Bij de Voorjaarsnota zijn middelen aan de begrotingsreserve Duurzame Energie onttrokken voor een deel van de Urgendamaatregelen. De nu onttrokken middelen worden naar verwachting deels besteed in 2020 en deels in 2021. Indien de middelen voor 2020 onverhoopt niet tot uitgaven leiden in 2020, dan kan een departement deze via de gebruikelijke eindejaarsmarge meenemen naar 2021. Mocht deze gebruikelijke eindejaarsmarge ontoereikend zijn voor het meenemen van niet-bestede Urgenda-middelen, dan zal te zijner tijd welwillend worden bezien hoe deze middelen met een kasschuif behouden kunnen blijven, zodat het behalen van de Urgendadoelen niet in gevaar komt. Hetzelfde zal het geval zijn mocht er sprake zijn van een versnelling van de maatregelen van 2021 naar 2020.

Vraag 72

Waarom wordt de taakstellende onderuitputting 2020 nu nog niet ingevuld? Wanneer krijgt de Tweede Kamer de bij de Najaarsnota 2019 toegezegde brief over de invuling van de in=uittaakstelling (Handelingen II 2019/20, nr. 38, item 16)?

Antwoord op vraag 72

Zoals gemeld in de Voorjaarsnota was in de afgelopen drie jaar sprake van forse onderuitputting op de departementale begrotingen. Om te voorkomen dat ruimte onder het uitgavenplafond die in de loop van 2020 ontstaat niet meer (doelmatig) kan worden ingezet, heeft het kabinet besloten hierop te anticiperen door bij Voorjaarsnota taakstellende onderuitputting in te boeken. Het kabinet creëert zo eenmalig maximale ruimte voor extra uitgaven in 2020. Deze taakstelling wordt gedurende 2020 ingevuld met onderuitputting en per saldo meevallers op de begrotingshoofdstukken.

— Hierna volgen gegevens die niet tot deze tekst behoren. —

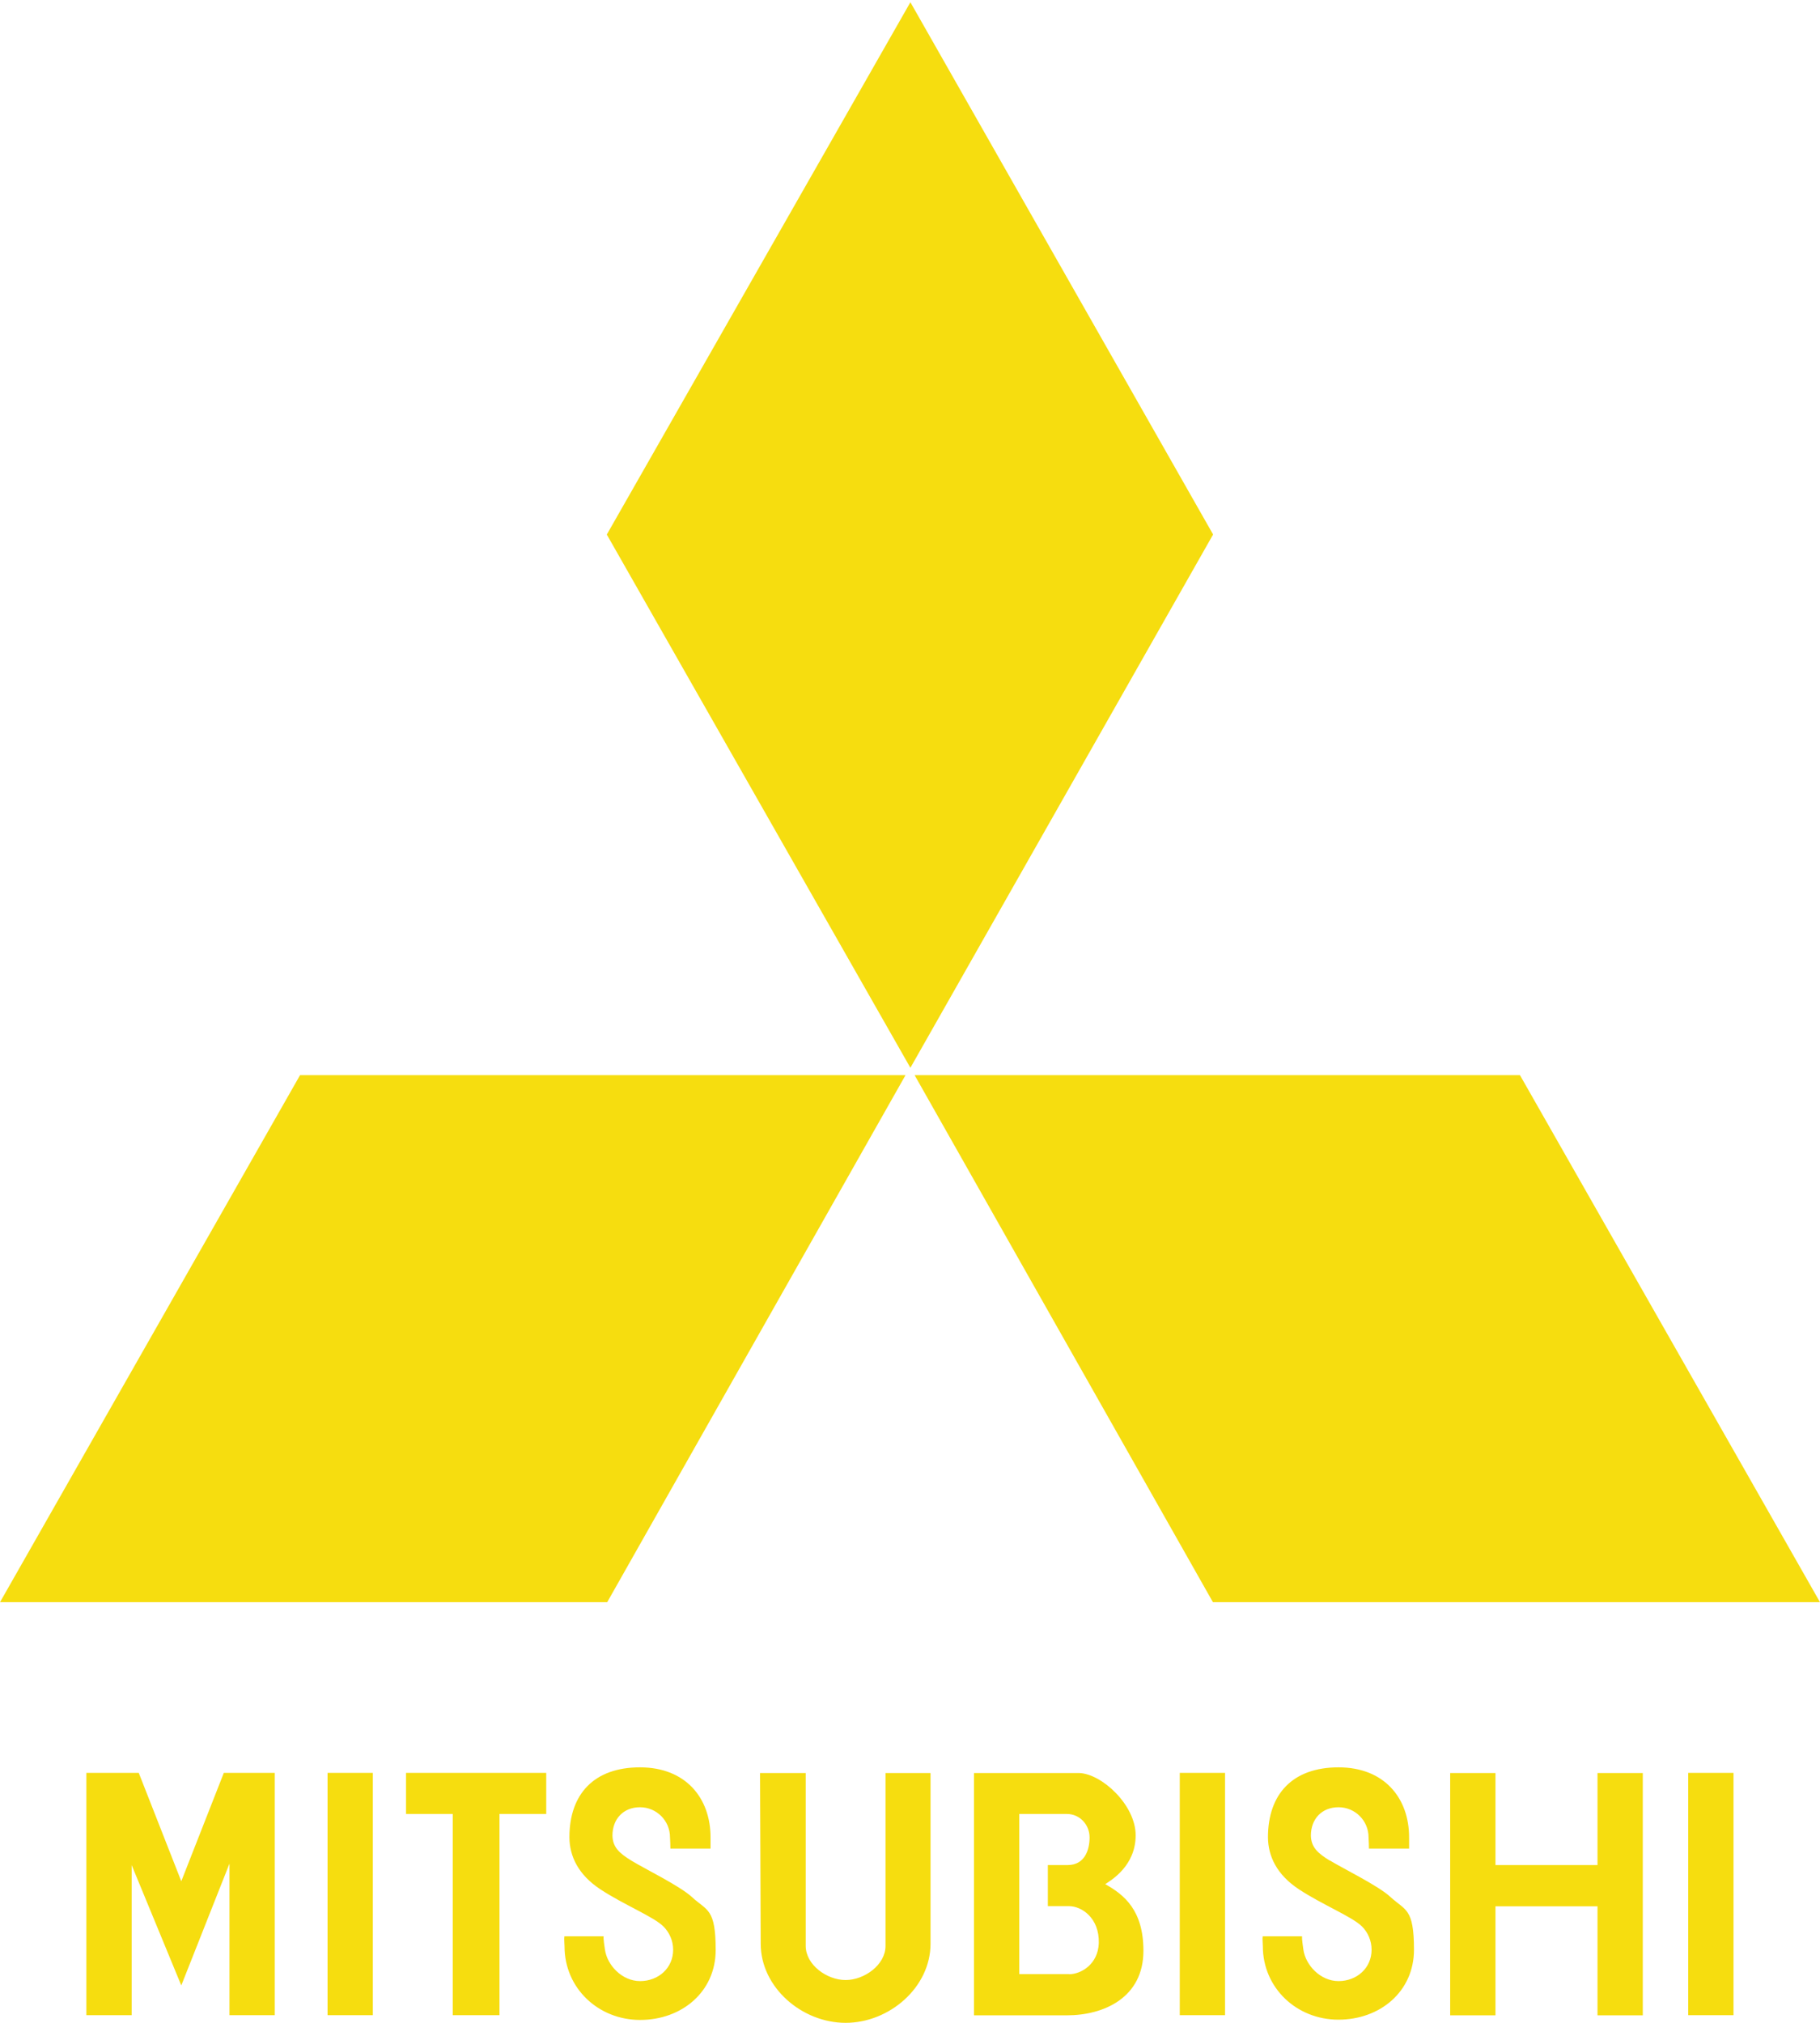<?xml version="1.0" encoding="UTF-8"?> <svg xmlns="http://www.w3.org/2000/svg" id="Layer_1" version="1.1" viewBox="0 0 1382.4 1536"><defs><style> .st0 { fill: #f6dd0f; } </style></defs><path class="st0" d="M687.8,816.4H227.9L0,1216.6h461.2l226.6-400.2h0ZM921.4,405.8L691.5,1.7l-230.6,404.2,230.6,404.9,229.9-404.9ZM921.2,1216.6h461.2l-227.9-400.2h-459.8l226.6,400.2h0Z"></path><path class="st0" d="M896.1,1530.2h34.4v-184h-34.4v184ZM1282.3,1530.2h34.4v-184h-34.4v184ZM248.8,1530.2h34.4v-184h-34.4v184ZM414.9,1346.2h-106.5v31.2h35.5v152.8h35.5v-152.8h35.5v-31.2h0ZM1213.4,1416.2h-77.5v-69.9h-34.4v184h34.4v-82.8h77.5v82.8h34.4v-184h-34.4v69.9ZM137.7,1428.5l-32.3-82.3h-39.8v184h34.4v-114l37.7,91.4,36.6-92.5v115.1h34.4v-184h-38.7l-32.3,82.3h0ZM706.7,1346.3h-34.1v131.3c0,14.3-16,25.9-30.3,25.9s-30.3-11.6-30.3-25.9v-131.3h-34.7l.5,129.6c0,33.2,31.3,60.1,64.5,60.1s64.5-26.9,64.5-60.1v-129.6q-.1,0-.1,0ZM839.5,1430.7c4.8-3.2,23.1-14,23.1-37.1s-25.8-46.8-43-47.3h-79.8v184h70.6c28,0,58.1-13.4,58.1-49,0-30.7-14.5-42.5-29-50.6h0ZM812,1499h-37.8v-121.6h36.2c9.7,0,17.2,8.1,17.2,17.8s-3.8,21-16.7,21h-15v31.2h16.1c9.7,0,23.1,9.1,22.6,28-.5,16.1-13.5,23.7-22.6,23.7h0ZM428.7,1470.5c-.3,1.9,0,4,.1,7.5,0,31.7,25.7,55.8,57.4,55.8s57.4-21.4,57.4-53.1-6.5-29.6-17.9-40.1c-9.3-8.6-35.7-21.4-46-27.7-9.7-5.9-14.3-10.5-14.5-19.1,0-12.6,8.3-21.5,20.9-21.5s22.8,10.2,22.8,22.8h0c.2,3.2.3,6.5.3,8.6h30.5v-8.6c0-29.6-18.7-53.1-53.6-53.1s-53.6,20.3-53.6,53.1c.1,14.5,6.8,28.5,23.5,39.5,17.9,11.8,40.3,20.7,47.9,28.2,4.5,4.5,7.4,10.8,7.4,17.7,0,13.9-11.2,23.8-25.1,23.8s-25-12.2-26.7-23.8c-.4-3-1.3-8.1-1-10.2h-29.8s0,0,0,0ZM1010.2,1412.9c-9.7-5.9-14.3-10.5-14.5-19.1,0-12.6,8.3-21.5,21-21.5,12.6,0,22.8,10.2,22.8,22.8.2,3.2.3,6.5.3,8.6h30.5v-8.6c0-29.6-18.7-53.1-53.6-53.1s-53.6,20.3-53.6,53.1c.1,14.5,6.8,28.5,23.5,39.5,17.9,11.8,40.3,20.7,47.9,28.2,4.5,4.5,7.3,10.8,7.3,17.7,0,13.9-11.2,23.8-25.1,23.8s-25-12.2-26.7-23.8c-.4-3-1.2-8.1-1-10.2h-29.9c-.3,1.9,0,4,.1,7.5,0,31.7,25.7,55.8,57.4,55.8s57.4-21.4,57.4-53.1-6.5-29.6-17.9-40.1c-9.3-8.6-35.7-21.4-46-27.7h0Z"></path></svg>

Tijdens het debat over de Najaarsnota 2019 heb ik aan de heer Snels van de Groenlinksfractie en de heer Sneller van de D66-fractie toegezegd een kamerbrief te sturen over de werking van de in=uittaakstelling. Gegeven de inhoudelijke raakvlakken tussen enerzijds de in=uittaakstelling en anderzijds het focusonderwerp ramingen en onderschrijdingen voor de verantwoording over 2019, heb ik besloten om in paragraaf 2.3 van het Financieel Jaarverslag Rijk 2019 over het focusonderwerp ook uitgebreid stil te staan bij de systematiek en invulling van de in=uittaakstelling. Daarmee heb ik invulling gegeven aan deze toezegging aan de Kamer.

Vraag 73

Kunt u een actueel overzicht geven van de financiën met betrekking tot de uitgaven sociale zekerheid op het terrein van de WW en de bijstand (voor de bijstand uitgesplitst naar regelingen als de bijstand voor zelfstandigen (Bbz), Tijdelijke overbruggingsregeling zelfstandig ondernemers (Tozo) en gewone bijstand)? En wat zijn de verwachtingen op die onderdelen voor de rest van 2020?

Antwoord op vraag 73

Een overzicht van de stand uit de Voorjaarsnota, opgesplitst in de losse regelingen, kunt u in de tabel hieronder vinden. De verwachtingen voor de rest van 2020 worden bijgesteld bij de Miljoenennota 2021 en de Najaarsnota 2020 en kunt u daar te zijner tijd vinden.

Actuele stand

2020

2021

2022

2023

2024

2025

BUIG

5.932

6.034

6.166

6.317

6.504

6.643

Bijstand

5.525

5.650

5.788

5.952

6.149

6.314

IOAW

322

303

295

281

270

243

IOAZ

30

30

32

33

34

35

Bbz

51

51

51

51

51

51

Vraag 74

In hoeverre is in de post kinderopvangtoeslag al de regeling voor de eigen bijdragen voor ouders in het kader van corona verwerkt?

Antwoord op vraag 74

In de Voorjaarsnota en de eerste suppletoire begroting van SZW (Kamerstuk 35 450 XV) is de regeling voor de vergoeding eigen bijdrage gedeeltelijk verwerkt. Het deel dat meeloopt heeft betrekking op de uitgaven van 175 miljoen euro voor de periode 16 maart 2020 tot en met 28 april 2020. Dit is het bedrag dat aan uw Kamer is gemeld bij de tweede incidentele suppletoire begroting van SZW18.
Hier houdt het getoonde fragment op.